Example: User clicks on a customer’s profile. You need:
- Profile data (20ms from database)
- AI-generated summary of interaction history (2s from LLM)
Instead of waiting for both:
@app.get("/customer/{customer_id}")
async def get_customer_profile(customer_id: str):
# Get the data you have immediately
customer = db.get_customer(customer_id)
interaction_history = db.get_interactions(customer_id)
# Queue the AI work
background_jobs.enqueue(
"generate_customer_summary",
customer_id=customer_id
)
# Return immediately with what you have
return {
"customer": customer,
"interaction_history": interaction_history,
"summary": None, # Will be available via separate API
"summary_status": "generating"
}
The frontend shows the profile immediately and polls for the summary:
const profile = await fetch(`/customer/${customerId}`).then(r => r.json());
// Render immediately
renderCustomerProfile(profile);
// Poll for summary
while (profile.summary === null) {
await sleep(1000);
const updated = await fetch(`/customer/${customerId}/summary`).then(r => r.json());
if (updated.summary) {
updateSummarySection(updated.summary);
break;
}
}
User sees the profile in 50ms. The summary shows up in 2-3 seconds. The interaction feels responsive.
Measuring the Tradeoff
Before you pick a pattern, measure what you’re dealing with:
- Measure baseline latency without AI
- Measure AI API latency under realistic load (p50, p99)

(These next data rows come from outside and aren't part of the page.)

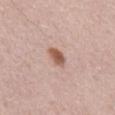Findings:
- notes: no biopsy performed (imaged during a skin exam)
- subject: male, approximately 65 years of age
- location: the mid back
- diameter: ~2.5 mm (longest diameter)
- illumination: white-light illumination
- acquisition: ~15 mm crop, total-body skin-cancer survey
- automated lesion analysis: a footprint of about 4 mm², a shape eccentricity near 0.65, and a symmetry-axis asymmetry near 0.2; an average lesion color of about L≈56 a*≈22 b*≈28 (CIELAB), roughly 13 lightness units darker than nearby skin, and a normalized lesion–skin contrast near 9
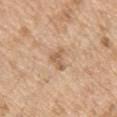The lesion was tiled from a total-body skin photograph and was not biopsied.
The lesion is on the left upper arm.
Imaged with white-light lighting.
The lesion's longest dimension is about 3 mm.
A male subject about 70 years old.
Cropped from a whole-body photographic skin survey; the tile spans about 15 mm.
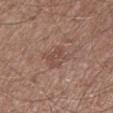No biopsy was performed on this lesion — it was imaged during a full skin examination and was not determined to be concerning. A male subject, about 65 years old. A lesion tile, about 15 mm wide, cut from a 3D total-body photograph. The lesion is located on the left lower leg.
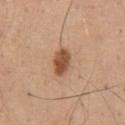Impression: The lesion was tiled from a total-body skin photograph and was not biopsied. Clinical summary: Measured at roughly 3.5 mm in maximum diameter. Imaged with white-light lighting. A 15 mm close-up extracted from a 3D total-body photography capture. A male subject aged 43–47. On the mid back. The total-body-photography lesion software estimated roughly 14 lightness units darker than nearby skin and a lesion-to-skin contrast of about 9.5 (normalized; higher = more distinct). The analysis additionally found a border-irregularity rating of about 2/10 and internal color variation of about 3.5 on a 0–10 scale. It also reported a nevus-likeness score of about 95/100 and lesion-presence confidence of about 100/100.
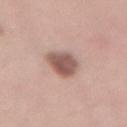| field | value |
|---|---|
| body site | the lower back |
| subject | female, aged around 35 |
| image source | 15 mm crop, total-body photography |
| tile lighting | white-light illumination |
| size | ≈4 mm |
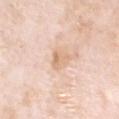Assessment: No biopsy was performed on this lesion — it was imaged during a full skin examination and was not determined to be concerning. Background: A region of skin cropped from a whole-body photographic capture, roughly 15 mm wide. On the head or neck. This is a white-light tile. Longest diameter approximately 3 mm. A male subject, aged around 80.
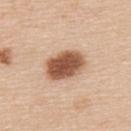Findings:
– notes — no biopsy performed (imaged during a skin exam)
– anatomic site — the upper back
– image source — ~15 mm crop, total-body skin-cancer survey
– image-analysis metrics — an area of roughly 13 mm², an eccentricity of roughly 0.75, and a shape-asymmetry score of about 0.1 (0 = symmetric); a mean CIELAB color near L≈55 a*≈22 b*≈32, about 19 CIELAB-L* units darker than the surrounding skin, and a normalized border contrast of about 12; border irregularity of about 1 on a 0–10 scale, a color-variation rating of about 4.5/10, and peripheral color asymmetry of about 1.5; a nevus-likeness score of about 100/100 and lesion-presence confidence of about 100/100
– lesion diameter — about 4.5 mm
– patient — female, aged around 45
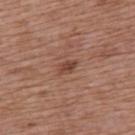anatomic site: the upper back
lighting: white-light illumination
image: ~15 mm tile from a whole-body skin photo
automated metrics: an average lesion color of about L≈44 a*≈22 b*≈28 (CIELAB), roughly 9 lightness units darker than nearby skin, and a normalized lesion–skin contrast near 7.5
patient: female, aged 73–77
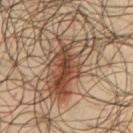Recorded during total-body skin imaging; not selected for excision or biopsy. This image is a 15 mm lesion crop taken from a total-body photograph. The lesion-visualizer software estimated a lesion area of about 23 mm², a shape eccentricity near 0.85, and a symmetry-axis asymmetry near 0.4. The software also gave a border-irregularity rating of about 6.5/10 and peripheral color asymmetry of about 3.5. It also reported an automated nevus-likeness rating near 100 out of 100 and a detector confidence of about 70 out of 100 that the crop contains a lesion. About 8.5 mm across. The lesion is on the chest. The patient is a male aged 63–67.
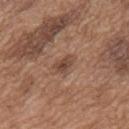Recorded during total-body skin imaging; not selected for excision or biopsy.
The patient is a male aged 73 to 77.
Cropped from a total-body skin-imaging series; the visible field is about 15 mm.
From the upper back.
The tile uses white-light illumination.
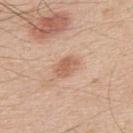Impression: Part of a total-body skin-imaging series; this lesion was reviewed on a skin check and was not flagged for biopsy. Context: The subject is a male approximately 50 years of age. An algorithmic analysis of the crop reported about 10 CIELAB-L* units darker than the surrounding skin and a lesion-to-skin contrast of about 6.5 (normalized; higher = more distinct). A region of skin cropped from a whole-body photographic capture, roughly 15 mm wide. From the upper back.
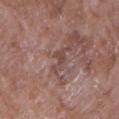- follow-up — no biopsy performed (imaged during a skin exam)
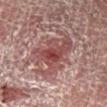workup: total-body-photography surveillance lesion; no biopsy | patient: male, roughly 55 years of age | lighting: cross-polarized illumination | acquisition: total-body-photography crop, ~15 mm field of view | size: ~6 mm (longest diameter) | location: the right lower leg.
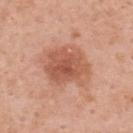Q: Is there a histopathology result?
A: catalogued during a skin exam; not biopsied
Q: Automated lesion metrics?
A: a lesion area of about 21 mm²; a lesion color around L≈57 a*≈25 b*≈32 in CIELAB, a lesion–skin lightness drop of about 11, and a normalized border contrast of about 7
Q: What is the anatomic site?
A: the upper back
Q: How was the tile lit?
A: white-light illumination
Q: What is the imaging modality?
A: ~15 mm crop, total-body skin-cancer survey
Q: Patient demographics?
A: female, aged 48–52
Q: Lesion size?
A: about 5.5 mm
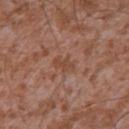notes — imaged on a skin check; not biopsied
subject — male, aged around 45
automated metrics — a lesion-detection confidence of about 100/100
illumination — white-light
size — ≈2.5 mm
anatomic site — the chest
image source — ~15 mm tile from a whole-body skin photo
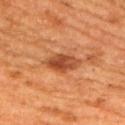follow-up — imaged on a skin check; not biopsied
patient — male, aged 63–67
diameter — ~4 mm (longest diameter)
image — 15 mm crop, total-body photography
anatomic site — the upper back
illumination — cross-polarized illumination
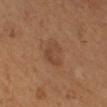Impression:
The lesion was tiled from a total-body skin photograph and was not biopsied.
Context:
The lesion is located on the right lower leg. This image is a 15 mm lesion crop taken from a total-body photograph. The subject is a female aged approximately 55.
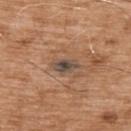No biopsy was performed on this lesion — it was imaged during a full skin examination and was not determined to be concerning. The patient is a male aged around 75. The lesion is on the upper back. The total-body-photography lesion software estimated a mean CIELAB color near L≈47 a*≈14 b*≈25, a lesion–skin lightness drop of about 10, and a lesion-to-skin contrast of about 9.5 (normalized; higher = more distinct). This is a white-light tile. Approximately 3.5 mm at its widest. A 15 mm close-up extracted from a 3D total-body photography capture.
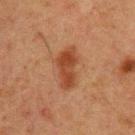{"biopsy_status": "not biopsied; imaged during a skin examination", "lighting": "cross-polarized", "patient": {"sex": "male", "age_approx": 60}, "site": "back", "image": {"source": "total-body photography crop", "field_of_view_mm": 15}, "lesion_size": {"long_diameter_mm_approx": 5.0}}
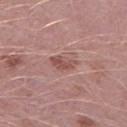{
  "biopsy_status": "not biopsied; imaged during a skin examination",
  "automated_metrics": {
    "cielab_L": 51,
    "cielab_a": 23,
    "cielab_b": 23,
    "vs_skin_darker_L": 9.0,
    "border_irregularity_0_10": 3.5,
    "color_variation_0_10": 3.0,
    "peripheral_color_asymmetry": 1.0,
    "nevus_likeness_0_100": 0,
    "lesion_detection_confidence_0_100": 100
  },
  "lighting": "white-light",
  "site": "left thigh",
  "image": {
    "source": "total-body photography crop",
    "field_of_view_mm": 15
  },
  "patient": {
    "sex": "male",
    "age_approx": 50
  },
  "lesion_size": {
    "long_diameter_mm_approx": 3.5
  }
}
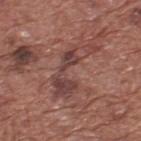{"biopsy_status": "not biopsied; imaged during a skin examination", "patient": {"sex": "male", "age_approx": 75}, "image": {"source": "total-body photography crop", "field_of_view_mm": 15}, "lighting": "white-light", "site": "upper back", "lesion_size": {"long_diameter_mm_approx": 7.5}}
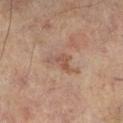Assessment:
The lesion was photographed on a routine skin check and not biopsied; there is no pathology result.
Clinical summary:
The lesion is on the left lower leg. The lesion-visualizer software estimated an average lesion color of about L≈43 a*≈17 b*≈23 (CIELAB), roughly 6 lightness units darker than nearby skin, and a lesion-to-skin contrast of about 5.5 (normalized; higher = more distinct). And it measured a border-irregularity index near 7/10, internal color variation of about 1 on a 0–10 scale, and peripheral color asymmetry of about 0.5. The analysis additionally found a nevus-likeness score of about 0/100 and lesion-presence confidence of about 100/100. A male patient, in their mid- to late 70s. A lesion tile, about 15 mm wide, cut from a 3D total-body photograph. About 3.5 mm across. Imaged with cross-polarized lighting.
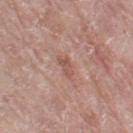Impression:
The lesion was photographed on a routine skin check and not biopsied; there is no pathology result.
Clinical summary:
A lesion tile, about 15 mm wide, cut from a 3D total-body photograph. Captured under white-light illumination. The lesion-visualizer software estimated a symmetry-axis asymmetry near 0.4. And it measured a normalized border contrast of about 6. It also reported a nevus-likeness score of about 0/100 and a lesion-detection confidence of about 100/100. The recorded lesion diameter is about 2.5 mm. The patient is a female aged around 60. From the left thigh.
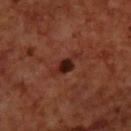Case summary:
- follow-up: catalogued during a skin exam; not biopsied
- body site: the upper back
- subject: male, approximately 70 years of age
- acquisition: ~15 mm crop, total-body skin-cancer survey
- tile lighting: cross-polarized
- automated lesion analysis: an area of roughly 4.5 mm², a shape eccentricity near 0.9, and a shape-asymmetry score of about 0.3 (0 = symmetric); border irregularity of about 4 on a 0–10 scale, a within-lesion color-variation index near 3.5/10, and a peripheral color-asymmetry measure near 1
- lesion diameter: ≈4 mm
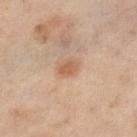Imaged during a routine full-body skin examination; the lesion was not biopsied and no histopathology is available. Located on the left lower leg. A female subject in their 50s. Cropped from a total-body skin-imaging series; the visible field is about 15 mm.
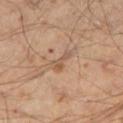Assessment:
Captured during whole-body skin photography for melanoma surveillance; the lesion was not biopsied.
Background:
Captured under cross-polarized illumination. The subject is a male aged approximately 45. Longest diameter approximately 3 mm. On the leg. This image is a 15 mm lesion crop taken from a total-body photograph.
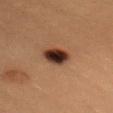A female patient, aged 18 to 22. A 15 mm crop from a total-body photograph taken for skin-cancer surveillance. This is a cross-polarized tile. From the chest.
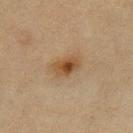Q: Is there a histopathology result?
A: total-body-photography surveillance lesion; no biopsy
Q: How was the tile lit?
A: cross-polarized illumination
Q: Patient demographics?
A: female, aged approximately 55
Q: What is the imaging modality?
A: ~15 mm crop, total-body skin-cancer survey
Q: What is the anatomic site?
A: the right thigh
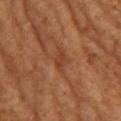Part of a total-body skin-imaging series; this lesion was reviewed on a skin check and was not flagged for biopsy. A lesion tile, about 15 mm wide, cut from a 3D total-body photograph. A female subject, aged 63 to 67. On the upper back. The total-body-photography lesion software estimated a footprint of about 3 mm², an eccentricity of roughly 0.85, and two-axis asymmetry of about 0.25. The software also gave an automated nevus-likeness rating near 0 out of 100 and a lesion-detection confidence of about 100/100. Measured at roughly 2.5 mm in maximum diameter.
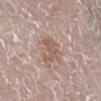Clinical impression:
This lesion was catalogued during total-body skin photography and was not selected for biopsy.
Background:
A male patient approximately 80 years of age. The lesion is on the right lower leg. Cropped from a total-body skin-imaging series; the visible field is about 15 mm. Captured under white-light illumination.
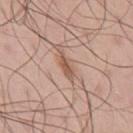Case summary:
* illumination — white-light
* patient — male, about 45 years old
* size — ~3 mm (longest diameter)
* imaging modality — 15 mm crop, total-body photography
* automated metrics — an area of roughly 3.5 mm² and an eccentricity of roughly 0.9; a border-irregularity index near 3.5/10, a within-lesion color-variation index near 1.5/10, and peripheral color asymmetry of about 0.5; a classifier nevus-likeness of about 5/100 and a lesion-detection confidence of about 100/100
* location — the upper back
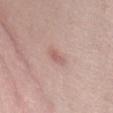Findings:
* follow-up: imaged on a skin check; not biopsied
* lighting: white-light illumination
* subject: female, roughly 40 years of age
* imaging modality: ~15 mm crop, total-body skin-cancer survey
* image-analysis metrics: border irregularity of about 3 on a 0–10 scale and peripheral color asymmetry of about 0; a detector confidence of about 100 out of 100 that the crop contains a lesion
* size: ≈2.5 mm
* anatomic site: the abdomen
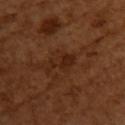Clinical summary: Cropped from a whole-body photographic skin survey; the tile spans about 15 mm. The lesion's longest dimension is about 4 mm. Imaged with cross-polarized lighting. The lesion is on the upper back. The patient is a female in their mid- to late 50s.
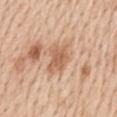Case summary:
* workup — catalogued during a skin exam; not biopsied
* location — the mid back
* diameter — about 4 mm
* automated metrics — a shape eccentricity near 0.8 and a symmetry-axis asymmetry near 0.25; a classifier nevus-likeness of about 0/100 and a detector confidence of about 100 out of 100 that the crop contains a lesion
* subject — male, roughly 60 years of age
* imaging modality — ~15 mm tile from a whole-body skin photo
* illumination — white-light illumination
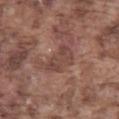biopsy_status: not biopsied; imaged during a skin examination
lighting: white-light
site: left thigh
lesion_size:
  long_diameter_mm_approx: 4.5
image:
  source: total-body photography crop
  field_of_view_mm: 15
patient:
  sex: male
  age_approx: 75
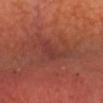Findings:
- follow-up · total-body-photography surveillance lesion; no biopsy
- imaging modality · ~15 mm crop, total-body skin-cancer survey
- subject · male, in their mid-50s
- location · the head or neck
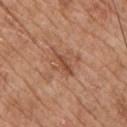Recorded during total-body skin imaging; not selected for excision or biopsy. The tile uses white-light illumination. The lesion is located on the chest. The recorded lesion diameter is about 3.5 mm. The subject is a male aged around 65. A region of skin cropped from a whole-body photographic capture, roughly 15 mm wide.
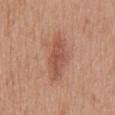Clinical impression: No biopsy was performed on this lesion — it was imaged during a full skin examination and was not determined to be concerning. Image and clinical context: A close-up tile cropped from a whole-body skin photograph, about 15 mm across. Approximately 7 mm at its widest. A female patient, in their 40s. On the mid back. Imaged with white-light lighting.
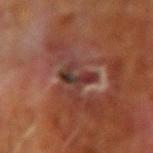illumination — cross-polarized
lesion diameter — ≈4.5 mm
patient — male, about 70 years old
image — 15 mm crop, total-body photography
automated lesion analysis — an area of roughly 5 mm², a shape eccentricity near 0.95, and a symmetry-axis asymmetry near 0.5; border irregularity of about 7.5 on a 0–10 scale, a color-variation rating of about 0.5/10, and a peripheral color-asymmetry measure near 0
location — the right upper arm
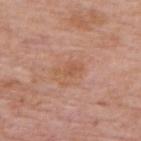Assessment: Recorded during total-body skin imaging; not selected for excision or biopsy. Background: The patient is a male about 75 years old. The lesion is on the upper back. The recorded lesion diameter is about 3 mm. A region of skin cropped from a whole-body photographic capture, roughly 15 mm wide.
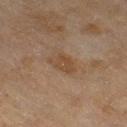The lesion was photographed on a routine skin check and not biopsied; there is no pathology result.
About 3 mm across.
The tile uses cross-polarized illumination.
A female subject, approximately 60 years of age.
The lesion is located on the right thigh.
Cropped from a total-body skin-imaging series; the visible field is about 15 mm.
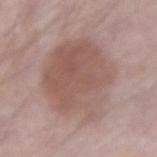Impression: Part of a total-body skin-imaging series; this lesion was reviewed on a skin check and was not flagged for biopsy. Clinical summary: The lesion is on the right forearm. About 8.5 mm across. The tile uses white-light illumination. A 15 mm close-up tile from a total-body photography series done for melanoma screening. The lesion-visualizer software estimated a footprint of about 46 mm², an outline eccentricity of about 0.55 (0 = round, 1 = elongated), and a symmetry-axis asymmetry near 0.15. The analysis additionally found a border-irregularity rating of about 2.5/10, a color-variation rating of about 4/10, and a peripheral color-asymmetry measure near 1.5. And it measured a nevus-likeness score of about 15/100 and a lesion-detection confidence of about 100/100. A male patient aged 68 to 72.
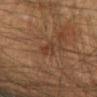  biopsy_status: not biopsied; imaged during a skin examination
  lesion_size:
    long_diameter_mm_approx: 2.5
  site: left forearm
  automated_metrics:
    area_mm2_approx: 3.0
    eccentricity: 0.85
    shape_asymmetry: 0.3
    cielab_L: 33
    cielab_a: 18
    cielab_b: 26
    vs_skin_darker_L: 6.0
    vs_skin_contrast_norm: 6.0
    border_irregularity_0_10: 3.5
    color_variation_0_10: 0.0
    peripheral_color_asymmetry: 0.0
  image:
    source: total-body photography crop
    field_of_view_mm: 15
  patient:
    sex: male
    age_approx: 40
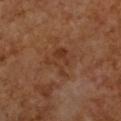This lesion was catalogued during total-body skin photography and was not selected for biopsy. A female subject, aged 53–57. Located on the chest. An algorithmic analysis of the crop reported an outline eccentricity of about 0.55 (0 = round, 1 = elongated) and a symmetry-axis asymmetry near 0.4. Cropped from a total-body skin-imaging series; the visible field is about 15 mm. About 3.5 mm across.
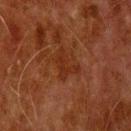  biopsy_status: not biopsied; imaged during a skin examination
  site: head or neck
  lighting: cross-polarized
  patient:
    sex: male
    age_approx: 80
  automated_metrics:
    area_mm2_approx: 6.0
    shape_asymmetry: 0.45
    cielab_L: 23
    cielab_a: 21
    cielab_b: 27
    vs_skin_darker_L: 5.0
    vs_skin_contrast_norm: 5.5
    color_variation_0_10: 1.0
    peripheral_color_asymmetry: 0.5
    lesion_detection_confidence_0_100: 100
  image:
    source: total-body photography crop
    field_of_view_mm: 15
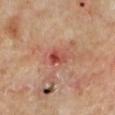notes = no biopsy performed (imaged during a skin exam)
subject = male, in their mid- to late 60s
lighting = cross-polarized illumination
body site = the left lower leg
acquisition = total-body-photography crop, ~15 mm field of view
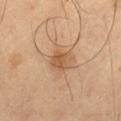Background:
The recorded lesion diameter is about 3 mm. The total-body-photography lesion software estimated a lesion area of about 6 mm² and an outline eccentricity of about 0.35 (0 = round, 1 = elongated). The analysis additionally found a lesion-detection confidence of about 100/100. The patient is a male in their 50s. The lesion is on the left thigh. A 15 mm crop from a total-body photograph taken for skin-cancer surveillance. The tile uses cross-polarized illumination.
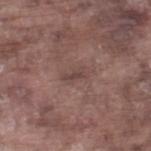Q: Was this lesion biopsied?
A: total-body-photography surveillance lesion; no biopsy
Q: Lesion location?
A: the right lower leg
Q: Patient demographics?
A: male, in their mid- to late 70s
Q: What kind of image is this?
A: ~15 mm crop, total-body skin-cancer survey
Q: What is the lesion's diameter?
A: about 2.5 mm
Q: What lighting was used for the tile?
A: white-light illumination
Q: What did automated image analysis measure?
A: a lesion color around L≈43 a*≈18 b*≈19 in CIELAB, roughly 7 lightness units darker than nearby skin, and a lesion-to-skin contrast of about 5.5 (normalized; higher = more distinct); a border-irregularity index near 5/10 and peripheral color asymmetry of about 0
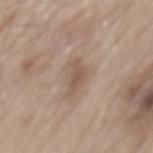Q: Was this lesion biopsied?
A: catalogued during a skin exam; not biopsied
Q: What is the lesion's diameter?
A: about 4 mm
Q: What lighting was used for the tile?
A: white-light
Q: What kind of image is this?
A: ~15 mm tile from a whole-body skin photo
Q: Patient demographics?
A: male, aged 78–82
Q: Lesion location?
A: the mid back
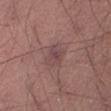Findings:
– follow-up — catalogued during a skin exam; not biopsied
– anatomic site — the right thigh
– lighting — white-light illumination
– image — ~15 mm tile from a whole-body skin photo
– patient — male, roughly 55 years of age
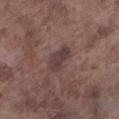<case>
<biopsy_status>not biopsied; imaged during a skin examination</biopsy_status>
<lesion_size>
  <long_diameter_mm_approx>3.5</long_diameter_mm_approx>
</lesion_size>
<lighting>white-light</lighting>
<automated_metrics>
  <area_mm2_approx>5.5</area_mm2_approx>
  <eccentricity>0.85</eccentricity>
  <shape_asymmetry>0.25</shape_asymmetry>
  <cielab_L>38</cielab_L>
  <cielab_a>16</cielab_a>
  <cielab_b>17</cielab_b>
  <vs_skin_darker_L>9.0</vs_skin_darker_L>
  <vs_skin_contrast_norm>8.0</vs_skin_contrast_norm>
  <nevus_likeness_0_100>0</nevus_likeness_0_100>
  <lesion_detection_confidence_0_100>100</lesion_detection_confidence_0_100>
</automated_metrics>
<image>
  <source>total-body photography crop</source>
  <field_of_view_mm>15</field_of_view_mm>
</image>
<patient>
  <sex>male</sex>
  <age_approx>75</age_approx>
</patient>
<site>leg</site>
</case>
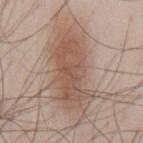| field | value |
|---|---|
| biopsy status | imaged on a skin check; not biopsied |
| image source | total-body-photography crop, ~15 mm field of view |
| patient | male, aged 43–47 |
| site | the chest |
| diameter | ≈11 mm |
| automated metrics | a lesion area of about 34 mm², a shape eccentricity near 0.9, and a symmetry-axis asymmetry near 0.25; radial color variation of about 1.5 |
| illumination | white-light illumination |
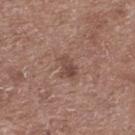notes=no biopsy performed (imaged during a skin exam); subject=male, aged 58–62; anatomic site=the upper back; lighting=white-light; image source=15 mm crop, total-body photography.
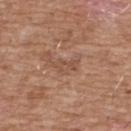follow-up: imaged on a skin check; not biopsied
anatomic site: the front of the torso
illumination: white-light illumination
image source: ~15 mm crop, total-body skin-cancer survey
size: about 3 mm
subject: male, about 60 years old
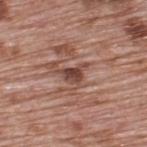Captured during whole-body skin photography for melanoma surveillance; the lesion was not biopsied.
Captured under white-light illumination.
On the upper back.
A male patient aged around 70.
A close-up tile cropped from a whole-body skin photograph, about 15 mm across.
Approximately 3.5 mm at its widest.
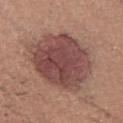Q: Was this lesion biopsied?
A: no biopsy performed (imaged during a skin exam)
Q: Patient demographics?
A: female, aged around 35
Q: Automated lesion metrics?
A: border irregularity of about 2 on a 0–10 scale and a peripheral color-asymmetry measure near 1.5
Q: What is the anatomic site?
A: the chest
Q: What lighting was used for the tile?
A: white-light illumination
Q: How was this image acquired?
A: ~15 mm crop, total-body skin-cancer survey
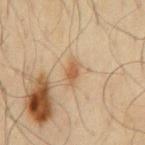Case summary:
• biopsy status: catalogued during a skin exam; not biopsied
• size: ≈3.5 mm
• subject: male, roughly 65 years of age
• tile lighting: cross-polarized illumination
• location: the mid back
• image source: ~15 mm tile from a whole-body skin photo

- Measure acceptable latency for your use case
- Calculate the gap
If your form needs to be under 200ms and AI adds 1200ms, async is mandatory. If you have a report page and AI adds 2s, maybe streaming is enough. If you’re building a batch processing system, latency doesn’t matter at all.
The teams that nail this aren’t the ones with the fastest AI APIs. They’re the ones that matched their architecture to the constraints.
Your dependency on AI APIs is a latency constraint. Architecture around it deliberately, not by accident.